The results of this study showed that in all screening strategies, ICER (QALY) was between 1 and 3 Iranian GDP per capita. However, the most cost-effective strategy was the strategy 2 and the most expensive strategy was the strategy 5. Therefore, the combination of IHC and NGS testing could be regarded as the most cost-effective strategy. In the strategies containing only IHC or MSI, ICERs were about 15 to 25 percent less than those containing IHC and MSI tests. Specifically, strategies 2 and 4 were the more cost-effective compared with strategies 1 and 3that combined IHC and MSI.
Regarding the external validity of the results, it should be noted that in the model-based analysis the results should be interpreted considering the assumptions made. We find some similarities and differences in the results of this study and the other studies carried out in this area (13, 14, 16, 17). These differences and similarities could arise from a wide range of factors including the choice of different tests, the structure of strategies, costs identification, the number of first-degree relatives, and the probabilities used in the studies. Similar to the previous studies, we considered family criteria as a first step, based on the family history the tests were performed as an effective factor in the prevention of colorectal cancer.
This study showed that the strategy 2 had the highest total cost, compared to other strategies .This finding was in contrast with the results of the studies by Mvundura et al. and Ying-Erh Chen et al. (13, 16). These studies contained the combined IHC and NGS strategy except for the family criteria.

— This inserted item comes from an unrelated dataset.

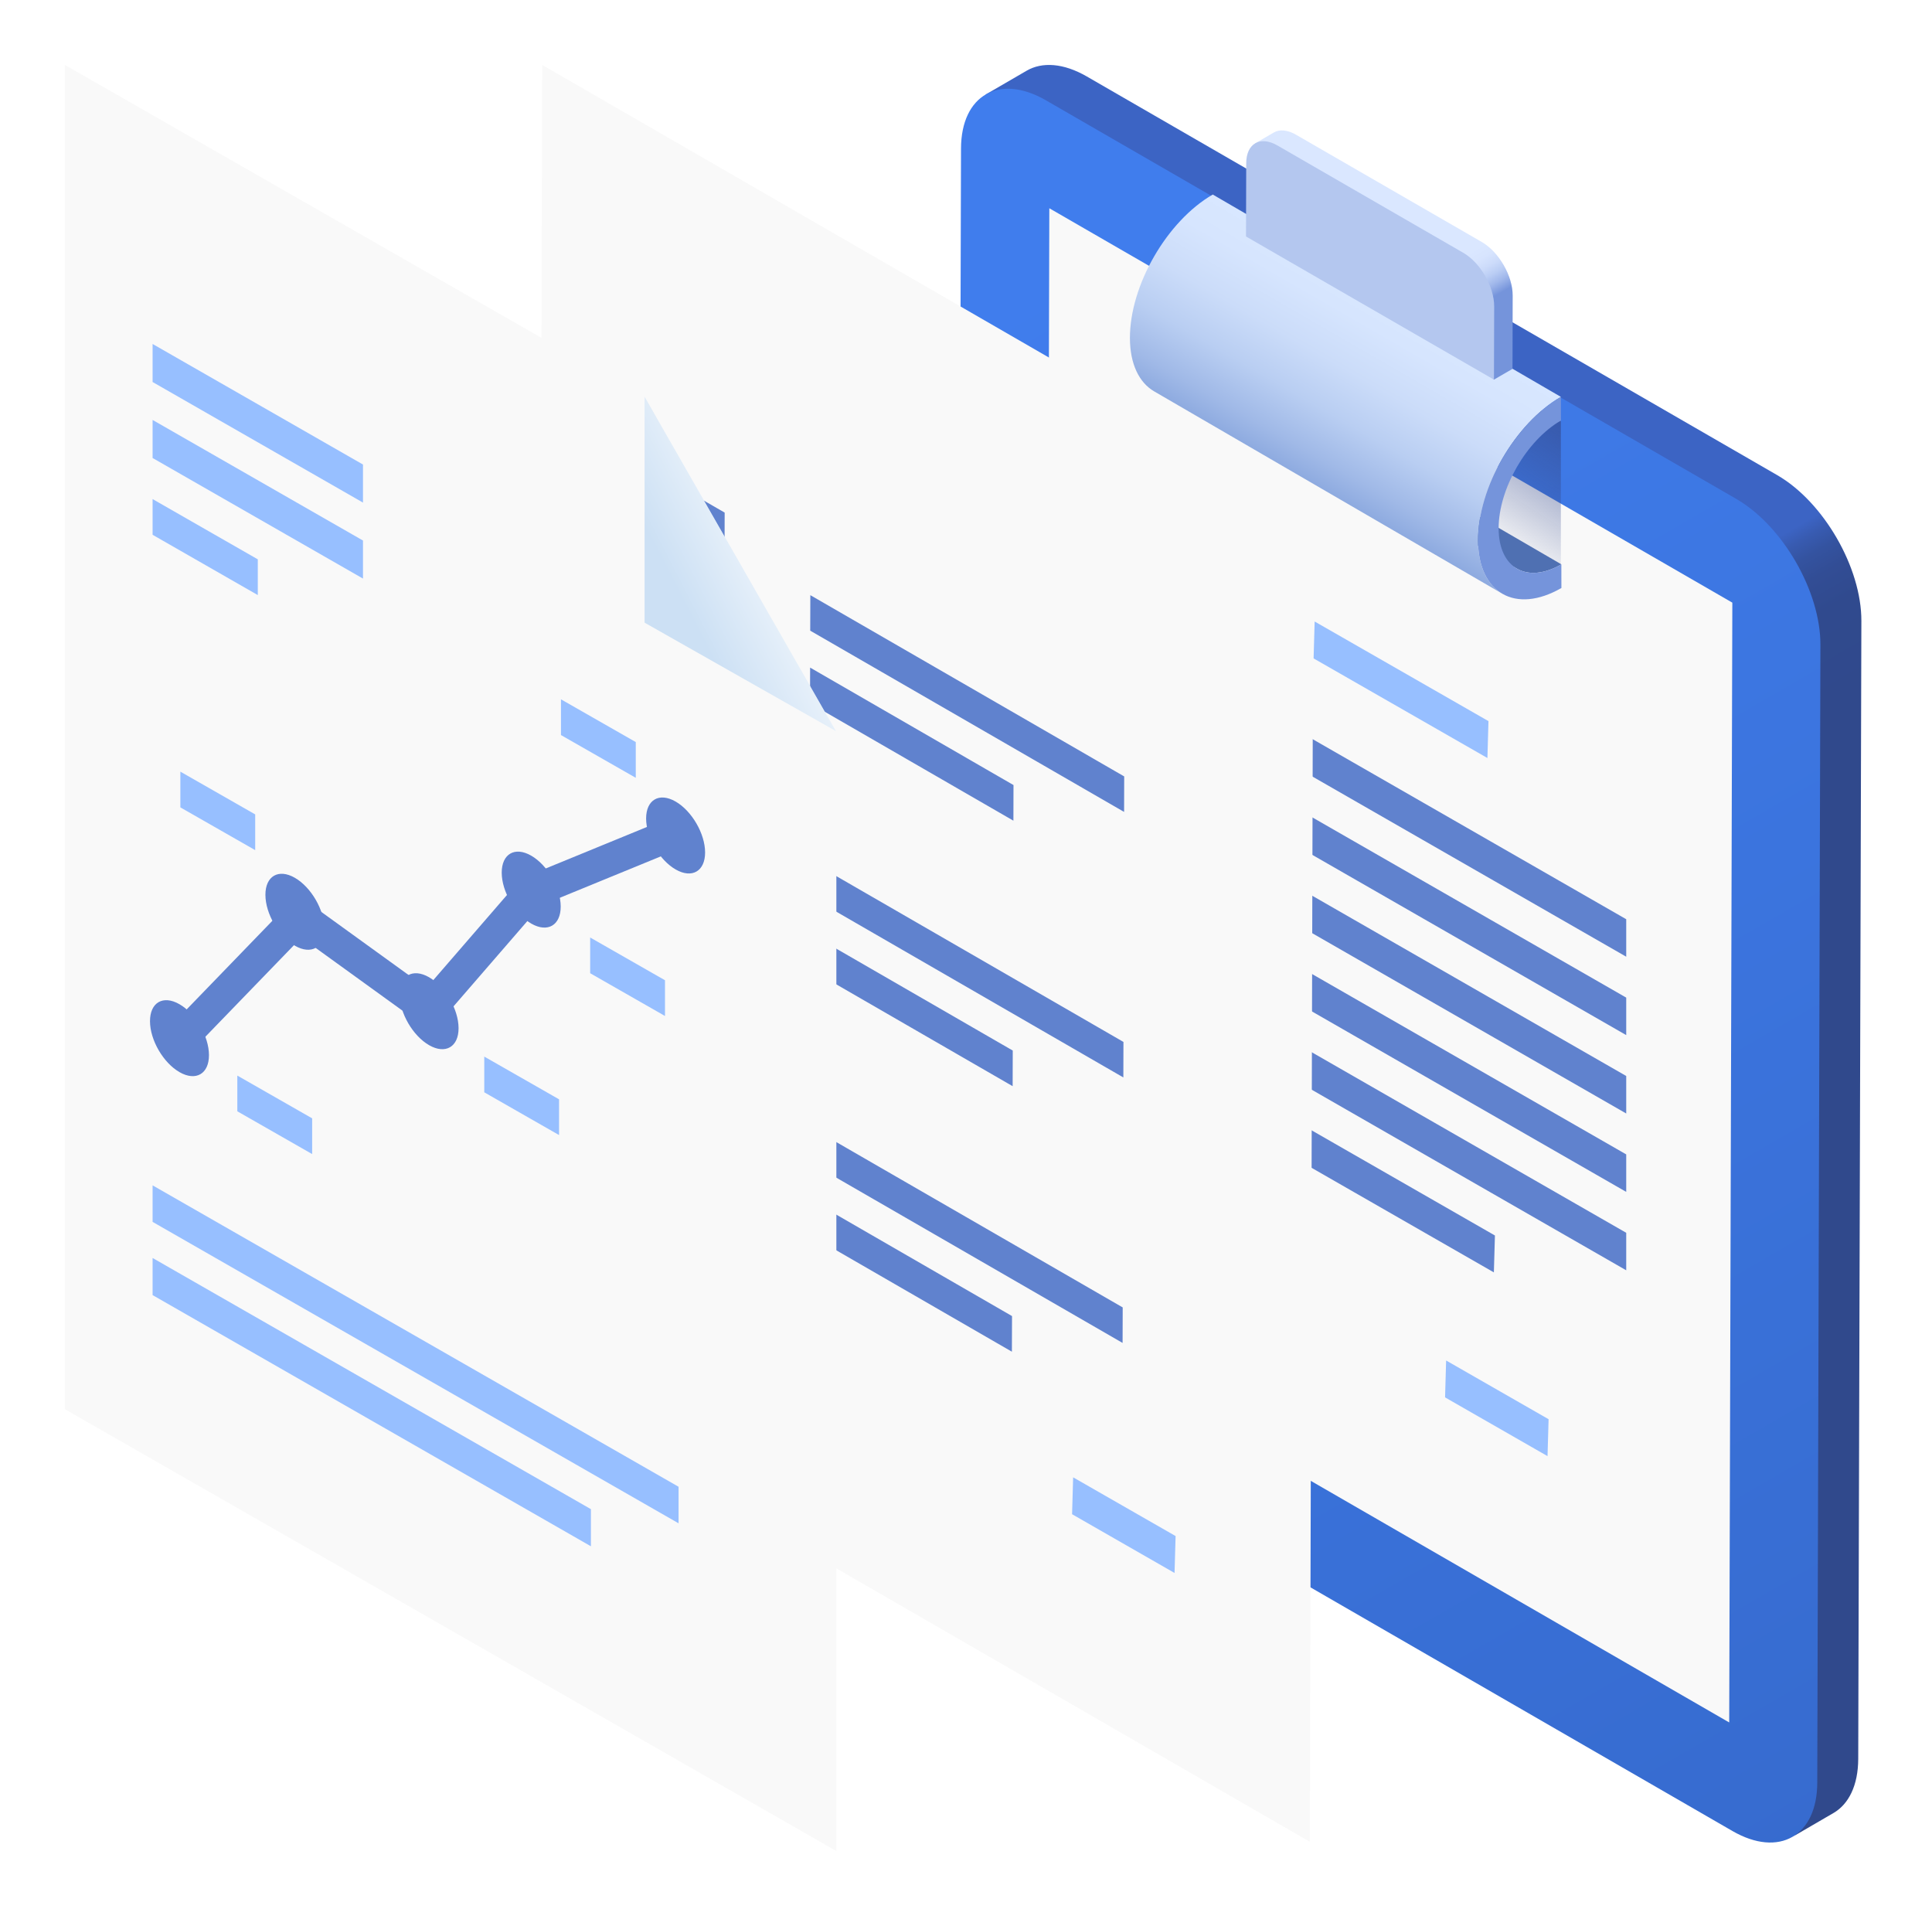 <?xml version="1.0" encoding="UTF-8"?> <svg xmlns="http://www.w3.org/2000/svg" width="119" height="118" viewBox="0 0 119 118" fill="none"> <g filter="url(#filter0_d)"> <path d="M105.463 31.26L62.942 6.71C61.498 5.876 60.185 5.803 59.237 6.354L56.714 7.819L56.725 7.815C55.783 8.356 105.622 115.673 106.58 115.005C106.524 115.045 106.47 115.089 106.41 115.124L108.933 113.657C109.868 113.113 110.45 111.962 110.456 110.327L110.65 40.245C110.661 36.956 108.325 32.912 105.463 31.26Z" fill="url(#paint0_linear)"></path> <path d="M102.941 32.725C105.802 34.377 108.137 38.422 108.127 41.71L107.933 111.793C107.923 115.081 105.573 116.42 102.711 114.768L60.19 90.218C57.322 88.563 54.987 84.52 54.996 81.23L55.193 11.148C55.202 7.86 57.552 6.52 60.419 8.176L102.942 32.724L102.941 32.725Z" fill="url(#paint1_linear)"></path> <path d="M60.632 14.826L60.44 83.792L102.51 108.081L102.702 39.115L60.632 14.826Z" fill="#F9F9F9"></path> <path d="M87.681 46.412L76.975 40.277L76.91 42.549L87.616 48.684L87.681 46.412ZM85.008 88.061L91.319 91.678L91.384 89.405L85.073 85.788L85.008 88.061Z" fill="#97BFFF"></path> <path d="M96.166 60.921V58.612L66.829 41.769V44.079L96.166 60.921ZM66.829 48.907L96.166 65.749V63.44L66.829 46.597V48.907ZM66.829 53.734L96.166 70.577V68.267L66.829 51.426V53.734ZM66.829 58.562L96.166 75.405V73.096L66.829 56.255V58.562ZM66.829 61.082V63.391L96.166 80.234V77.924L66.829 61.082ZM88.014 80.362L88.079 78.09L66.829 65.901V68.211L88.014 80.362Z" fill="#6082CE"></path> <path d="M70.7 25.668L92.141 38.13V27.939L71.785 16.363L70.7 25.668Z" fill="url(#paint2_linear)"></path> <path d="M89.433 37.02L67.989 24.558C68.689 24.966 69.659 24.91 70.727 24.294L92.169 36.755C91.1 37.371 90.131 37.427 89.431 37.02H89.433Z" fill="#4F70B2"></path> <path d="M88.534 38.565L67.092 26.104C66.173 25.571 65.602 24.436 65.597 22.825C65.588 19.576 67.876 15.611 70.699 13.981L92.141 26.442C89.319 28.072 87.03 32.036 87.038 35.287C87.044 36.897 87.614 38.032 88.534 38.566V38.565Z" fill="url(#paint3_linear)"></path> <path d="M92.141 26.442L92.145 27.899C90.02 29.125 88.3 32.111 88.307 34.553C88.314 36.988 90.046 37.981 92.17 36.755L92.174 38.212C89.351 39.841 87.048 38.528 87.038 35.286C87.029 32.035 89.319 28.071 92.141 26.442Z" fill="#7594DB"></path> <path d="M87.263 16.9L75.825 10.296C75.29 9.987 74.808 9.958 74.46 10.16L73.319 10.824L73.322 10.822C72.976 11.022 88.019 25.38 88.019 25.38L89.162 24.717L89.173 20.209C89.178 18.989 88.326 17.513 87.263 16.9Z" fill="url(#paint4_linear)"></path> <path d="M86.121 17.563C87.183 18.176 88.035 19.652 88.033 20.872L88.019 25.38L72.747 16.564L72.76 12.055C72.763 10.835 73.622 10.347 74.682 10.959L86.121 17.564V17.563Z" fill="#B4C7EF"></path> </g> <g filter="url(#filter1_d)"> <path d="M29.398 6L29.182 88.006L76.678 115.429L76.894 33.422L29.398 6Z" fill="#F9F9F9"></path> <path d="M62.034 95.256L68.345 98.874L68.41 96.601L62.099 92.984L62.034 95.256Z" fill="#97BFFF"></path> <path d="M40.635 33.569L40.608 43.378L38.981 42.438L39.002 35.379C38.399 35.675 37.701 35.749 36.887 35.579L36.892 33.884C37.32 33.972 37.782 33.93 38.28 33.773C38.785 33.62 39.125 33.292 39.312 32.806L40.636 33.569H40.635ZM39.224 49.157C40.037 49.617 40.717 50.278 41.2 51.076C41.682 51.878 41.922 52.667 41.919 53.435C41.918 53.879 41.848 54.259 41.709 54.575C41.555 54.911 41.33 55.209 41.05 55.45C40.849 55.618 40.497 55.836 39.979 56.076C39.467 56.32 39.134 56.493 39.003 56.593C38.873 56.683 38.758 56.793 38.663 56.92L41.904 58.791L41.899 60.526L36.184 57.226C36.248 56.604 36.436 56.094 36.748 55.679C37.06 55.272 37.668 54.845 38.588 54.4C39.321 54.03 39.77 53.758 39.944 53.58C40.166 53.32 40.277 53.003 40.279 52.623C40.286 52.228 40.187 51.839 39.992 51.496C39.801 51.16 39.522 50.882 39.185 50.691C38.841 50.491 38.572 50.456 38.371 50.578C38.17 50.692 38.052 51.02 38.016 51.546L36.396 50.421C36.496 49.447 36.801 48.885 37.314 48.729C37.824 48.571 38.458 48.716 39.225 49.157H39.224ZM39.061 65.473C39.86 65.936 40.5 66.599 40.982 67.464C41.38 68.17 41.579 68.832 41.577 69.434C41.575 70.29 41.159 70.74 40.344 70.778C40.833 71.178 41.218 71.671 41.513 72.263C41.803 72.849 41.945 73.432 41.944 74.026C41.942 74.881 41.671 75.456 41.123 75.751C40.578 76.039 39.895 75.945 39.08 75.476C38.301 75.021 37.646 74.381 37.173 73.612C36.665 72.803 36.376 71.971 36.296 71.107L37.876 71.796C37.923 72.284 38.06 72.719 38.279 73.092C38.499 73.466 38.761 73.736 39.078 73.919C39.41 74.11 39.699 74.126 39.928 73.965C40.156 73.802 40.274 73.483 40.276 72.984C40.281 72.524 40.168 72.071 39.947 71.668C39.728 71.271 39.459 70.973 39.142 70.79C38.936 70.671 38.687 70.574 38.397 70.502L38.58 69.077L38.662 69.126C39.063 69.357 39.369 69.421 39.589 69.333C39.823 69.231 39.942 68.99 39.943 68.602C39.943 68.277 39.855 67.964 39.684 67.666C39.525 67.381 39.291 67.144 39.008 66.983C38.733 66.823 38.491 66.795 38.297 66.905C38.097 67.012 37.979 67.269 37.929 67.669L36.434 66.512C36.538 65.978 36.698 65.602 36.907 65.364C37.121 65.131 37.412 65.021 37.792 65.043C38.171 65.055 38.591 65.202 39.061 65.475V65.473ZM65.152 82.52L65.145 84.707L45.812 73.546L45.819 71.359L65.152 82.52ZM58.335 83.053L58.327 85.247L45.8 78.014L45.806 75.82L58.335 83.053ZM58.38 66.7L58.373 68.894L45.847 61.663L45.852 59.467L58.38 66.7ZM65.198 66.169L65.192 68.356L45.859 57.193L45.865 55.006L65.198 66.169ZM65.244 49.817L65.238 52.003L45.905 40.841L45.912 38.654L65.244 49.817ZM58.426 50.349L58.42 52.543L45.893 45.31L45.899 43.115L58.426 50.349Z" fill="#6082CE"></path> </g> <g filter="url(#filter2_d)"> <path d="M47.515 47.13V116L0 88.79V6L35.682 26.431L47.515 47.13Z" fill="#F9F9F9"></path> <path d="M47.489 47.028L35.703 40.348V26.433L47.489 47.028Z" fill="url(#paint5_linear)"></path> <path d="M5.399 75.002L37.796 93.565V95.816L5.399 77.252V75.002ZM5.399 79.475L32.397 94.945V97.231L5.399 81.761V79.475Z" fill="#97BFFF"></path> <path d="M5.399 23.184L18.358 30.609V32.953L5.399 25.527V23.184ZM5.399 27.863L18.358 35.29V37.633L5.399 30.207V27.863ZM5.399 32.736L11.879 36.448V38.649L5.399 34.936V32.736ZM10.618 68.242L15.227 70.875V73.076L10.618 70.442V68.242ZM7.109 49.523L11.718 52.156V54.357L7.109 51.724V49.523ZM25.828 67.072L30.435 69.704V71.905L25.828 69.272V67.072ZM32.351 59.738L36.96 62.371V64.572L32.351 61.938V59.738ZM30.552 45.069L35.16 47.702V49.903L30.552 47.27V45.069Z" fill="#97BFFF"></path> <path d="M7.049 63.844C8.053 64.419 8.868 65.821 8.871 66.979C8.875 68.136 8.065 68.607 7.061 68.032C6.056 67.457 5.242 66.055 5.239 64.897C5.236 63.739 6.044 63.268 7.049 63.844ZM14.158 56.059C15.162 56.635 15.977 58.036 15.98 59.194C15.984 60.352 15.174 60.822 14.171 60.248C13.166 59.672 12.351 58.27 12.348 57.112C12.344 55.955 13.154 55.483 14.159 56.059H14.158ZM22.423 62.183C23.427 62.759 24.241 64.161 24.245 65.319C24.249 66.475 23.439 66.947 22.435 66.372C21.43 65.796 20.615 64.395 20.612 63.237C20.609 62.079 21.419 61.608 22.423 62.183ZM28.714 54.694C29.719 55.27 30.533 56.672 30.536 57.83C30.539 58.986 29.729 59.458 28.725 58.883C27.721 58.307 26.907 56.906 26.903 55.748C26.9 54.59 27.71 54.12 28.713 54.694H28.714ZM37.607 51.361C38.611 51.937 39.427 53.339 39.43 54.496C39.433 55.654 38.623 56.125 37.619 55.549C36.615 54.974 35.8 53.573 35.797 52.414C35.794 51.257 36.603 50.786 37.607 51.361Z" fill="#6082CE"></path> <path d="M7.2 65.911L14.444 58.423L22.427 64.192L28.707 56.938L37.707 53.249" stroke="#6082CE" stroke-width="2" stroke-linecap="round" stroke-linejoin="round"></path> </g> <defs> <filter id="filter0_d" x="54.996" y="0" width="63.654" height="117.476" filterUnits="userSpaceOnUse" color-interpolation-filters="sRGB"> <feFlood flood-opacity="0" result="BackgroundImageFix"></feFlood> <feColorMatrix in="SourceAlpha" type="matrix" values="0 0 0 0 0 0 0 0 0 0 0 0 0 0 0 0 0 0 127 0"></feColorMatrix> <feOffset dx="4" dy="-2"></feOffset> <feGaussianBlur stdDeviation="2"></feGaussianBlur> <feColorMatrix type="matrix" values="0 0 0 0 0 0 0 0 0 0 0 0 0 0 0 0 0 0 0.1 0"></feColorMatrix> <feBlend mode="normal" in2="BackgroundImageFix" result="effect1_dropShadow"></feBlend> <feBlend mode="normal" in="SourceGraphic" in2="effect1_dropShadow" result="shape"></feBlend> </filter> <filter id="filter1_d" x="29.182" y="0" width="55.712" height="117.429" filterUnits="userSpaceOnUse" color-interpolation-filters="sRGB"> <feFlood flood-opacity="0" result="BackgroundImageFix"></feFlood> <feColorMatrix in="SourceAlpha" type="matrix" values="0 0 0 0 0 0 0 0 0 0 0 0 0 0 0 0 0 0 127 0"></feColorMatrix> <feOffset dx="4" dy="-2"></feOffset> <feGaussianBlur stdDeviation="2"></feGaussianBlur> <feColorMatrix type="matrix" values="0 0 0 0 0 0 0 0 0 0 0 0 0 0 0 0 0 0 0.1 0"></feColorMatrix> <feBlend mode="normal" in2="BackgroundImageFix" result="effect1_dropShadow"></feBlend> <feBlend mode="normal" in="SourceGraphic" in2="effect1_dropShadow" result="shape"></feBlend> </filter> <filter id="filter2_d" x="0" y="0" width="55.515" height="118" filterUnits="userSpaceOnUse" color-interpolation-filters="sRGB"> <feFlood flood-opacity="0" result="BackgroundImageFix"></feFlood> <feColorMatrix in="SourceAlpha" type="matrix" values="0 0 0 0 0 0 0 0 0 0 0 0 0 0 0 0 0 0 127 0"></feColorMatrix> <feOffset dx="4" dy="-2"></feOffset> <feGaussianBlur stdDeviation="2"></feGaussianBlur> <feColorMatrix type="matrix" values="0 0 0 0 0 0 0 0 0 0 0 0 0 0 0 0 0 0 0.1 0"></feColorMatrix> <feBlend mode="normal" in2="BackgroundImageFix" result="effect1_dropShadow"></feBlend> <feBlend mode="normal" in="SourceGraphic" in2="effect1_dropShadow" result="shape"></feBlend> </filter> <linearGradient id="paint0_linear" x1="93.111" y1="100.254" x2="44.424" y2="15.928" gradientUnits="userSpaceOnUse"> <stop offset="0.405" stop-color="#30498C"></stop> <stop offset="0.461" stop-color="#304A8E"></stop> <stop offset="0.482" stop-color="#324D95"></stop> <stop offset="0.496" stop-color="#3453A0"></stop> <stop offset="0.507" stop-color="#385BB1"></stop> <stop offset="0.516" stop-color="#3C64C4"></stop> </linearGradient> <linearGradient id="paint1_linear" x1="74.365" y1="9.951" x2="158.729" y2="156.077" gradientUnits="userSpaceOnUse"> <stop offset="0.005" stop-color="#407DED"></stop> <stop offset="0.995" stop-color="#3161BE"></stop> </linearGradient> <linearGradient id="paint2_linear" x1="79.918" y1="30.558" x2="85.453" y2="21.794" gradientUnits="userSpaceOnUse"> <stop stop-color="#354A8E" stop-opacity="0"></stop> <stop offset="0.995" stop-color="#354A8F" stop-opacity="0.796"></stop> </linearGradient> <linearGradient id="paint3_linear" x1="73.257" y1="34.675" x2="82.206" y2="19.175" gradientUnits="userSpaceOnUse"> <stop offset="0.232" stop-color="#8CA9DF"></stop> <stop offset="0.328" stop-color="#A0B9E7"></stop> <stop offset="0.481" stop-color="#B9CEF2"></stop> <stop offset="0.64" stop-color="#CBDCF9"></stop> <stop offset="0.808" stop-color="#D6E5FE"></stop> <stop offset="1" stop-color="#D9E8FF"></stop> </linearGradient> <linearGradient id="paint4_linear" x1="85.808" y1="22.641" x2="83.778" y2="19.126" gradientUnits="userSpaceOnUse"> <stop offset="0.232" stop-color="#7594DB"></stop> <stop offset="0.272" stop-color="#809DDF"></stop> <stop offset="0.404" stop-color="#A1B8EB"></stop> <stop offset="0.54" stop-color="#BACDF4"></stop> <stop offset="0.681" stop-color="#CCDBFA"></stop> <stop offset="0.83" stop-color="#D7E4FE"></stop> <stop offset="1" stop-color="#DAE7FF"></stop> </linearGradient> <linearGradient id="paint5_linear" x1="44.423" y1="32.303" x2="36.651" y2="36.289" gradientUnits="userSpaceOnUse"> <stop offset="0.319" stop-color="#EDF4FB"></stop> <stop offset="1" stop-color="#CCE0F4"></stop> </linearGradient> </defs> </svg>

Among different strategies, the strategy containing direct sequencing had the highest ICER, which was similar to the research conducted by Severin (17). In this study, similar to several previous studies, quality of life was used (13, 22). Considered strategies had a greater impact on the quality of life than the life years gained. In fact, the quality of life had grown more than LYG due to intervention, which was contrary to the results of the previous studies (13, 17, 22).
4.1. Limitation
There were, however, some limitations in this study. It was assumed that 100% of patients and their first-degree relatives could participate in molecular and colonoscopy screening. However, some barriers violate this assumption; these include lack of access to health centers, limited knowledge or awareness, fear of colonoscopy, and its result. Since the health system perspective was used in this study, only direct costs were included in the calculation. Also, the risk of other Lynch-dependent cancers was not considered. The risk of colorectal cancer varies among people carrying different genes in the MMR, but this study considered the same risk due to the complexity of the model and the lack of relevant data. Sensitivity analysis was used to address some of these limitations.
4.2. Conclusion
From the perspective of the Iran health care system, all strategies were cost-effective compared to non-screening. Strategies that began with the Amsterdam criteria and they were followed by IHC or MSI tests, then the NGS test, were the most cost-effective, as compared to non-screening. In fact, the strategy 2 was the most cost-effective one. The cost-effectiveness ratio achieved through the use of NGS testing for the CRC patients without any other molecular testing was close to the upper cost-effective threshold and therefore, had the least cost-effectiveness. The screening would also have many clinical benefits for the first-degree relatives of patients.